Quem foi Cândido José de Araújo?

Cândido José de Araújo, marcado, em um piquenique na Ilha do Engenho, em 1903, quando era tesoureiro do Vasco - Reprodução - Reprodução
Cândido José de Araújo, marcado, em um piquenique na Ilha do Engenho, em 1903, quando era tesoureiro do Vasco
Imagem: Reprodução

Candinho, como era conhecido entre os vascaínos, foi eleito em 7 de agosto de 1904, quando o futebol ainda não havia sido instituído no Vasco. Foi com ele que o clube conquistou seus dois primeiros títulos no remo, esporte tradicional da época. O bicampeonato foi fundamental para que o Cruz-Maltino aumentasse seu prestígio no cenário nacional.

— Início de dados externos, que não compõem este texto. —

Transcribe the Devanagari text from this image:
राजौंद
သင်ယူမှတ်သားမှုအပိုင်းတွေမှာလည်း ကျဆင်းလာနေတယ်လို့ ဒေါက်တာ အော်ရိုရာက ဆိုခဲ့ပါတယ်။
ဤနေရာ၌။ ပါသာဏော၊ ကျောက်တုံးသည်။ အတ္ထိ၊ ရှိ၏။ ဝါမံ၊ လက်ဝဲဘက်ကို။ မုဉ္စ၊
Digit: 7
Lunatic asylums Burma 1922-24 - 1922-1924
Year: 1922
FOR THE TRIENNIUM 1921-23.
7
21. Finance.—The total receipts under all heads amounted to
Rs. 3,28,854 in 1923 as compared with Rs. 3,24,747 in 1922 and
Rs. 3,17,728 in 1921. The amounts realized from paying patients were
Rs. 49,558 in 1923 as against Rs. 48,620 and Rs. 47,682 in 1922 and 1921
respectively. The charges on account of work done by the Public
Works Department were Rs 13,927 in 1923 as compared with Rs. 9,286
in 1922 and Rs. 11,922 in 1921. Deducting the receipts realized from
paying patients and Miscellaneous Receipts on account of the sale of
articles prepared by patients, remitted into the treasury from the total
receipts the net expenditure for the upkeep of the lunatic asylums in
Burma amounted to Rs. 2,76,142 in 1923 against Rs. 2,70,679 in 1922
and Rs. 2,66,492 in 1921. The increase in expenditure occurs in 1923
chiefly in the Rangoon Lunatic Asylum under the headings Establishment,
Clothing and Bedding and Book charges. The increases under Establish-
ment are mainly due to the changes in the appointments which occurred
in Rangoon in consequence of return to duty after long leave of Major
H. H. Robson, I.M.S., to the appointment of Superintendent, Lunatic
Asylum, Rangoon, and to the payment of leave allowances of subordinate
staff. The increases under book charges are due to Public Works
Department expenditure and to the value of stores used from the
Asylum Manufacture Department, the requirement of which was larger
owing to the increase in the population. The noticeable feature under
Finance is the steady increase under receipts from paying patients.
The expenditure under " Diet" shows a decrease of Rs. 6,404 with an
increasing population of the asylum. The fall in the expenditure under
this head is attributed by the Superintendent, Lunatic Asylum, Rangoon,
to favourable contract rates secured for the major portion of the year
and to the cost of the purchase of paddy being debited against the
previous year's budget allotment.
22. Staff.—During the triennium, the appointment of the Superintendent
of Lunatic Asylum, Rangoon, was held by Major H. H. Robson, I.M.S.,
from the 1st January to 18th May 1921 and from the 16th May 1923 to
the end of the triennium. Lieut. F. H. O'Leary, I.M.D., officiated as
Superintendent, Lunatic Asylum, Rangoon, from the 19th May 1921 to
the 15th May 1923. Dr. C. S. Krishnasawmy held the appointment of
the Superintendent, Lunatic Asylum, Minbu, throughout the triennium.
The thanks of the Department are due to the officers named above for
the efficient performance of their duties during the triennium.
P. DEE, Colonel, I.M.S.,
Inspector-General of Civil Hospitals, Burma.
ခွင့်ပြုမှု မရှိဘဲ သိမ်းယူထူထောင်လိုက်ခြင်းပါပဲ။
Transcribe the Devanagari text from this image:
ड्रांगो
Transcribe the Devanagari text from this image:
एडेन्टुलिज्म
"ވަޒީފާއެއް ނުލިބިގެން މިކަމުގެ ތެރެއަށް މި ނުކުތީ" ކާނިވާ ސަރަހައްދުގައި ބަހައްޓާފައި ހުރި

Um ano antes de sua posse, foi o homem responsável por captar o maior número de sócios para o clube, feito que o fez receber como honraria uma medalha por sua contribuição ao Vasco.

Cândido José de Araújo, que era de uma família que ascendeu, se tornou o oitavo presidente do clube apenas 16 anos depois da abolição da escravatura, quando a sociedade carregava um extremo racismo.

Pequena África

O bairro da Gamboa, em que está a casa onde o Vasco nasceu, faz parte de uma localidade no Rio de Janeiro que ficou conhecida como Pequena África, que compreende ainda os bairros da Saúde, Santo Cristo e a zona portuária. Fica próxima ao Centro da cidade.

O nome de Pequena África foi dado pelo compositor Heitor dos Prazeres no começo do século 20 e já apareceu em algumas publicações, assim como músicas e enredos de Escola de Samba.

A região tem pontos como o Morro da Conceição, a Pedra do Sal, o Largo de São Francisco da Prainha, Cemitério dos Pretos Novos, o Jardim Suspenso do Valongo, e o Cais do Valongo, declarado Patrimônio da Humanidade em 2017, pelo Comitê do Patrimônio Mundial da Unesco (Organização das Nações Unidas para a Educação, a Ciência e a Cultura).

A localidade tem grande importância na história da cultura afro-brasileira. Inaugurado em 1811, o cais foi o principal ponto de desembarque de escravos africanos nas três Américas. Naquela área, que ainda não era urbanizada, eram feitos o trânsito e o comércio de escravos.

Após a proibição do comércio de escravos no Brasil, escravos libertos passaram a trabalhar na região. Na virada do século 19 para o século 20, negros de diversas partes do país foram para a região em busca de trabalho e acolhimento.

Atualmente, há roteiros de visita pelos diversos pontos da Pequena África. Apesar da revitalização de alguns lugares, muitos locais importantes ainda sofrem com os recursos escassos.